Many web applications allow users to upload files, usually for the purpose of sharing information. Either the files ARE the information e.g. an audio or video clip, or they CONTAIN the information in the form of extractable text e.g. the resume of a job candidate uploaded as a .docx file. The uploaded files can be stored as files although the most recommended method is to store them in binary datum repositories. Uploaded file are invariably introduced into the system by form submissions which means a data object and thus a data class is involved. The file arrives as a value of a data object member that is of a binary data type - this should be BASETYPE_BINARY unless the file is actually a text file inwhich case it will be BASETYPE_TXTDOC.

An uploaded file is of limited use on its own. It is recommended that uploaded files are accompanied by their original filename and by a text description. The latter can be omitted if the file is a text file. It is simple to associate such data to files - by making filename and description members of the data class used in the upload form. The name will be a member of type STRING, the description a member of type TXTDOC and will have an index applied in the applicable repository.

The file description has two possible sources. It could be supplied as part of the form submission, or it could be extracted from the file itself. Automated text extraction is only a good idea in some circumstances. It should be noted that it requires functionality that depends on the MIME type of the file. There are a considerable number of text-bearing MIME types and new formats are arising all the time. While many are just compressed files that expand out to XML (at some point), extraction of text requires a detailed knowledge of the format to hand. Where text extraction is desired, the usual approach is to select a narrow set of acceptable MIME types, then source external programs to cover that set.

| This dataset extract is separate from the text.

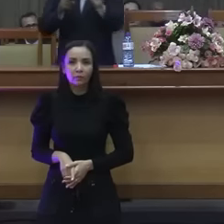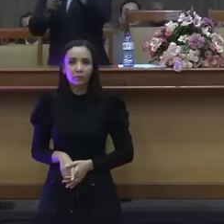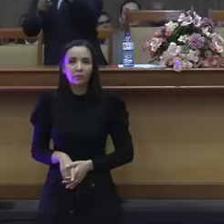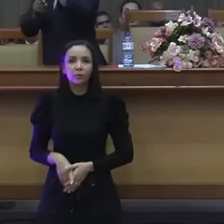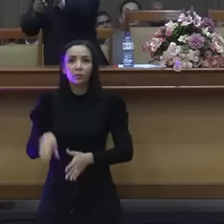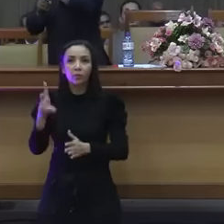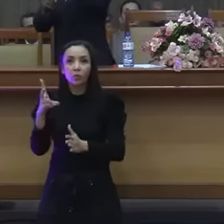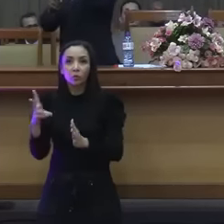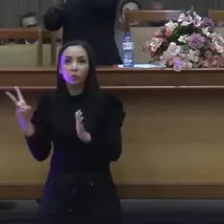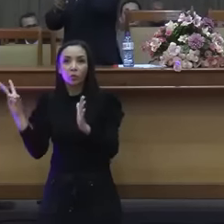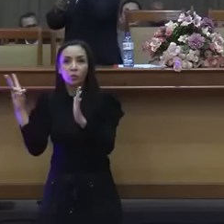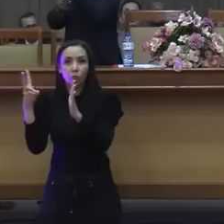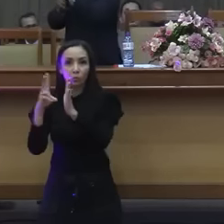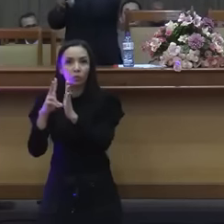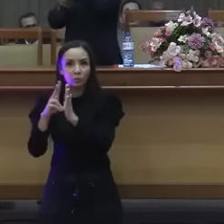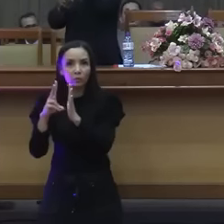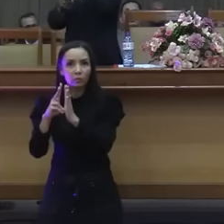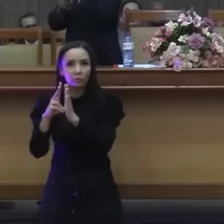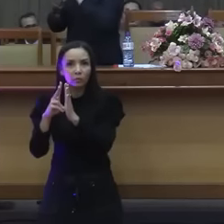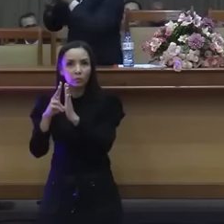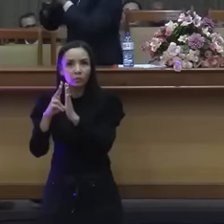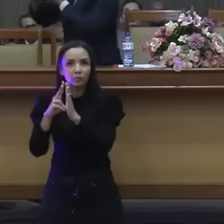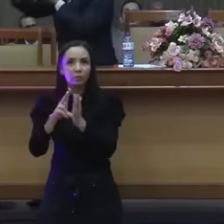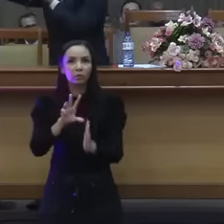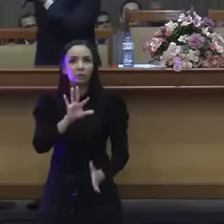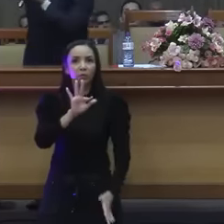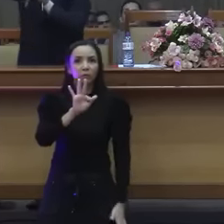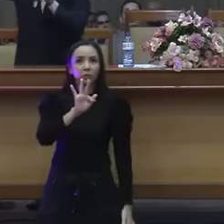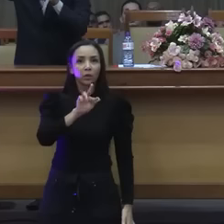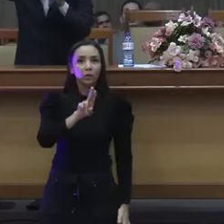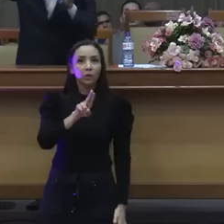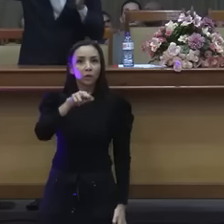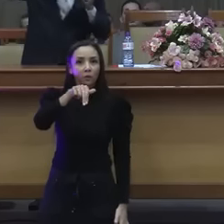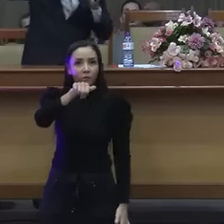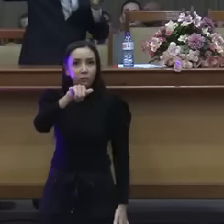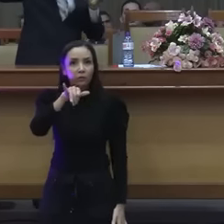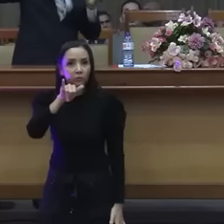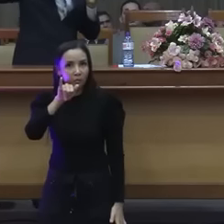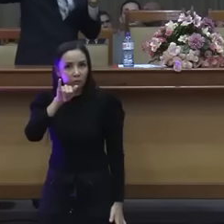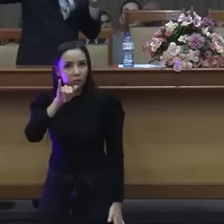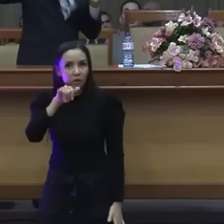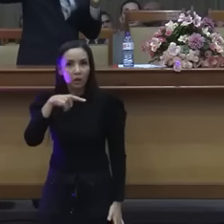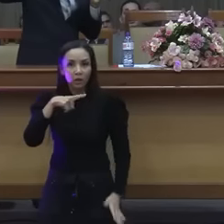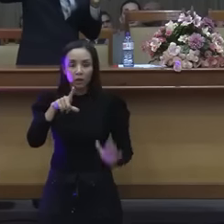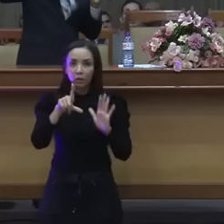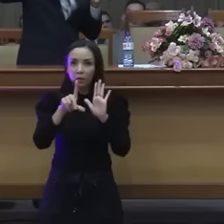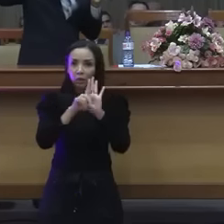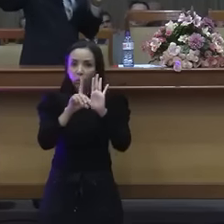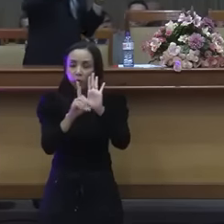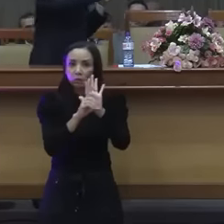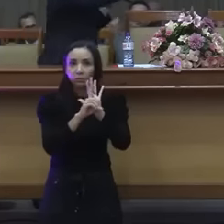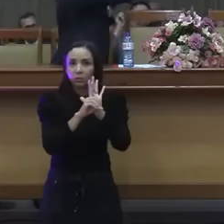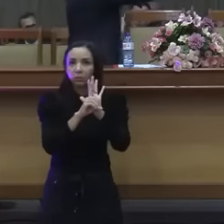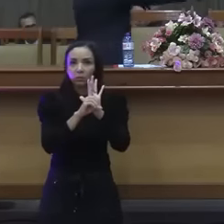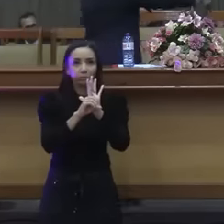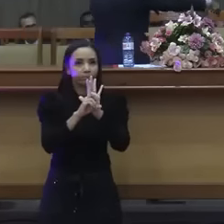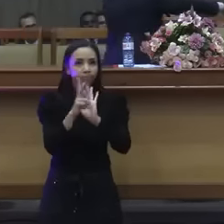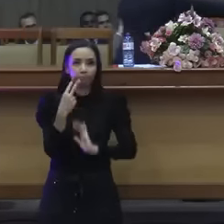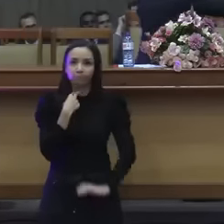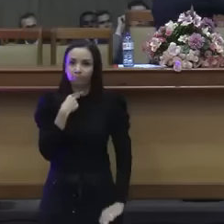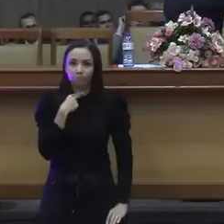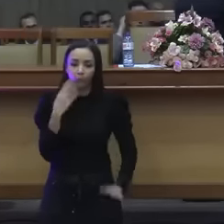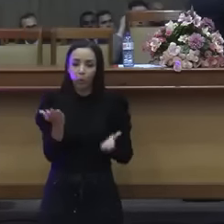Diz que não pode entrar pregador do evangelho para não levar costume de Cristo para lá. Porque ele tem os seus

Under the Dissemino regime, file type checking based on filename extension is built into the form validation javascript generated as part of the page generation process. This is generally considered adequate as browsers operate on the same principle. This though means that initially, the server simply accepts the MIME type sent in by the browser. What happens next depends on the <procdata> section of the relevent formhandler. If the file is to be stored as is, a class member of type BINARY will act as the recepticle. If it is desired that the given filename (as named on the user's PC) is to be retained this will required a second class member of type TEXT. If the file is to have text extracted from it (a process which will fail if the MIME type is wrong), the extracted text will have to be placed in yet another class member of type DOCUMENT.

So the <procdata> section would look smething like this:-

<procdata>
    <extract tgt="thetext" src="%e_file->data"/>
    <commit class="clasname" object="objid">
        <set member="filename" input="%e_file->name"/>
        <set member="filedata" input="%e_file->data"/>
        <set member="filetext" input="%e_thetext"/>
    </commit>
</procdata>

Note firstly, the use of the -> notation. The class member 'filedata' is of type BINARY and as such has two values when it appears in the HTTP event. The given filename given by ->name and the file content given by ->data. Note also that the <extract> instruction is creating and populating an event bound variable called 'thetext' with text extracted from the file content. The format of the extracted text is XML bound within a <xtreeItem> tag which can be directly included in a page of generated HTML output. This variable is later used in the <commit> instruction to set the class member 'filetext' which is of type DOCUMENT. In the class definition, the filetext member may have an index applied.

In another page designed to present the uploaded file, either the extracted text can be included allowing those without the application installed to see the text (wise for docx) OR the file can be embedded with either an <embed> or an <embed> tag (OK for PDF as most browsers have the adobe reader active) or there may be separate links allowing a choice eg 'view as text' and 'view as PDF'.